Kategorie: Fahndungen

89 jähriger Mann in Oberhausen dreist bestohlen!

Oberhausen (ots) – Jetzt erfolgt nach richterlichem Beschluss eine Fotofahndung nach zwei mutmaßlichen Dieben. Die zwei Täter wurden in der Bank und im Bus gefilmt. Wer kann Angaben zur Identität der Täter machen?

Am 02.11.2016 gegen Mittag hatte jemand einen 89jährigen Oberhausener vermutlich beim Bargeldholen an einem Geldautomaten beobachtet.

Vermutlich wurde der Senior von zwei Personen von der Haltestelle Wörthstraße im Linienbus 143 bis zum Fröbelplatz und weiter zu Fuß bis zur Straße Heiderhöfen verfolgt.

Einer der Trickdiebe sprach den Senior unvermittelt an, hielt ihm eine Karte vor das Gesicht und fragte nach dem Weg. Schnell machte sich der Täter wieder auf den Weg und flüchtete in Richtung Bebelstraße.

Erst als der Senior in seiner Wohnung war, bemerkte er, dass das Bargeld weg war.

Einer der Trickdiebe wird wie folgt beschrieben: Etwa 35 Jahre alt, ca. 185 cm groß und schlanke Statur. Der Täter hatte einen Vollbart, ein osteuropäisches Erscheinungsbild und sprach mit Akzent. Hinweise nimmt das Kommissariat 22 telefonisch 0208 826-0) oder Poststelle.Oberhausen@polizei.nrw.de entgegen.
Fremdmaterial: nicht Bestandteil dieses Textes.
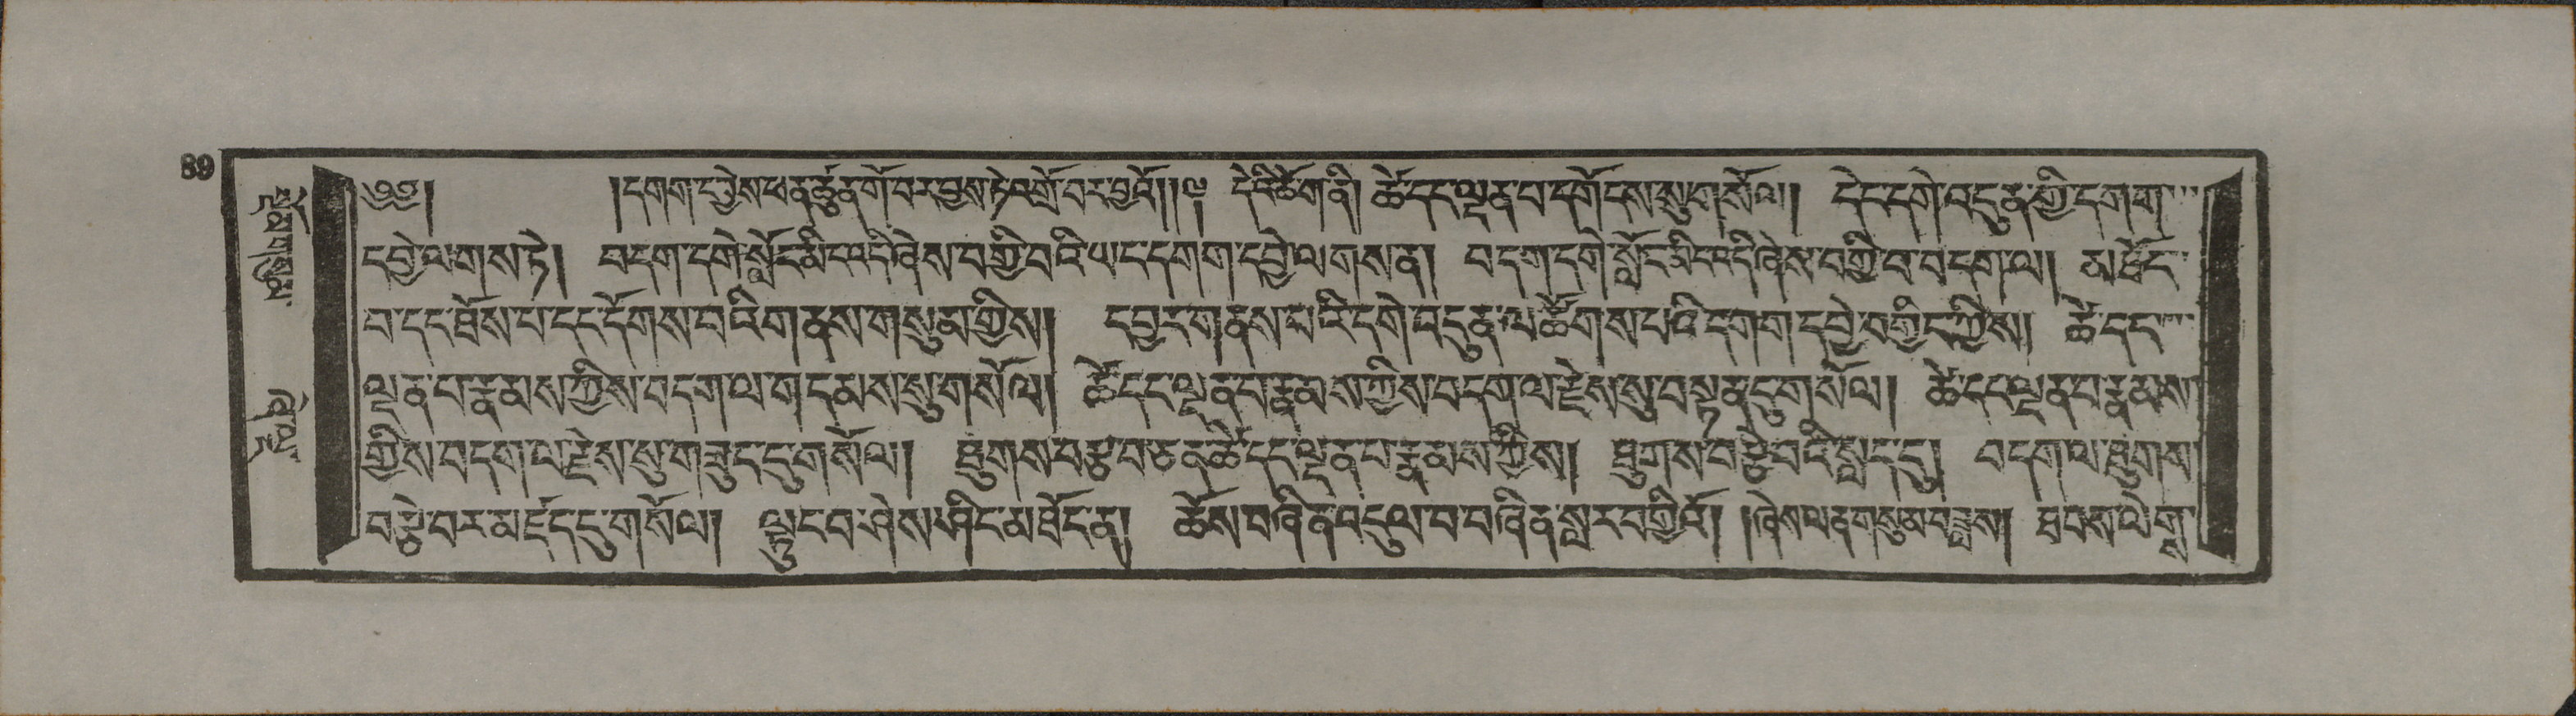༄༅། །དགག་དབྱེས་ཕན་ཚུན་གོ་བར་བྱས་ཏེ་འགྲོ་བར་བྱའོ། ། ༈ དེའི་ཆོ་ག་ནི། ཚེ་དང་ལྡན་པ་དགོངས་སུ་གསོལ། དེང་དགེ་འདུན་གྱི་དགག་
དབྱེ་ལགས་ཏེ། བདག་དགེ་སློང་མིང་འདི་ཞེས་བགྱི་བའི་ཡང་དགག་དབྱེ་ལགས་ན། བདག་དགེ་སློང་མིང་འདི་ཞེས་བགྱི་བ་བདག་ལ། མཐོང་
བ་དང་ཐོས་པ་དང་དོགས་པའི་གནས་གསུམ་གྱིས། དབྱར་གནས་པའི་དགེ་འདུན་ལ་ཚོགས་པའི་དགག་དབྱེ་བགྱིད་ཀྱིས། ཚེ་དང་
ལྡན་པ་རྣམས་ཀྱིས་བདག་ལ་གདམས་སུ་གསོལ། ཚེ་དང་ལྡན་པ་རྣམས་ཀྱིས་བདག་ལ་རྗེས་སུ་བསྟན་དུ་གསོལ། ཚེ་དང་ལྡན་པ་རྣམས་
གྱིས་བདག་ལ་རྗེས་སུ་གཟུང་དུ་གསོལ། ཐུགས་བརྩ་བ་ཅན་ཚེ་དང་ལྡན་པ་རྣམས་ཀྱིས། ཐུགས་བརྩེ་བའི་སླད་དུ། བདག་ལ་ཐུགས་
བརྩེ་བར་མཛད་དུ་གསོལ། ལྟུང་བ་ཤེས་ཤིང་མཐོང་ན། ཆོས་བཞིན་འདུལ་བ་བཞིན་སླར་བགྱིའོ། །ཞེས་ལན་གསུམ་བཟླས། ཐབས་ལེགས་

Schützen Sie Verwandte und Bekannte vor solchen Tätern. Sprechen Sie mit Ihnen darüber. Kinder und Enkelkinder können Ihre Eltern und Großeltern informieren und so schützen.

Zum Monatsanfang werden Trickdiebe und Taschendiebe aktiv. Viele Menschen holen dann ihr Monatseinkommen an den Geldautomaten ab. Das wissen die skrupellosen Kriminellen. Oft werden dabei gezielt Seniorinnen und Senioren ins Visier genommen.
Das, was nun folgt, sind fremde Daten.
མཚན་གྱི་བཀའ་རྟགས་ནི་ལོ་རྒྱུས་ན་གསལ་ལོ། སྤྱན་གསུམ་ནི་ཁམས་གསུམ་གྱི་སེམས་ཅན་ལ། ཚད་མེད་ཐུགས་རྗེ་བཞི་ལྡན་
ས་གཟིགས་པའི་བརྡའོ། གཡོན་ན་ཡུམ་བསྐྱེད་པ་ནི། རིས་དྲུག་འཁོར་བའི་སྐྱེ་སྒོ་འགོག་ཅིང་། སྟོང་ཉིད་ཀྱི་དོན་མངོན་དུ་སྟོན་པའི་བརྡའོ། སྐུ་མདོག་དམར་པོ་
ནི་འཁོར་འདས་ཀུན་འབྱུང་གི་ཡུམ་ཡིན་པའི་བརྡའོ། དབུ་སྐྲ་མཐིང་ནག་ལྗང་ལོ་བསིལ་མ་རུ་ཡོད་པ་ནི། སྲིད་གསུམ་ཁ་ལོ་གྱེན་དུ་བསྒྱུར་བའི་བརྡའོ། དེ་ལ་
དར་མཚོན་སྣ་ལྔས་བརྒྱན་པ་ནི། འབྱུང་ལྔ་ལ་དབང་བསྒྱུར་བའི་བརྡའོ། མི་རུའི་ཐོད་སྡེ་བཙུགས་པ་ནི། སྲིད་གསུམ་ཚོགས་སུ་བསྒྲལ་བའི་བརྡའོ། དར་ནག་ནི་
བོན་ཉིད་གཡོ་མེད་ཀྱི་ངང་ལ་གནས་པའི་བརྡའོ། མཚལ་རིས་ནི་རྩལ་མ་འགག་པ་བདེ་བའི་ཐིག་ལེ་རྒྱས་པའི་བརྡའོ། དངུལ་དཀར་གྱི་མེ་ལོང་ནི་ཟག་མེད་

Vorbeugen können Sie, indem Sie sich begleiten lassen, einen anderen Termin zum abholen wählen, nicht zu viel Geld auf einmal abheben oder öfter mal eine Bankkarte nutzen.

Kostenlose Beratung gibt es durch die ehrenamtlichen SeniorenSicherheitsBerater der Polizei Oberhausen, auch telefonisch. Sie erklären Ihren Lieben die Maschen der Betrüger und Diebe und geben Ratschläge, wie sie sich vor Straftaten schützen können.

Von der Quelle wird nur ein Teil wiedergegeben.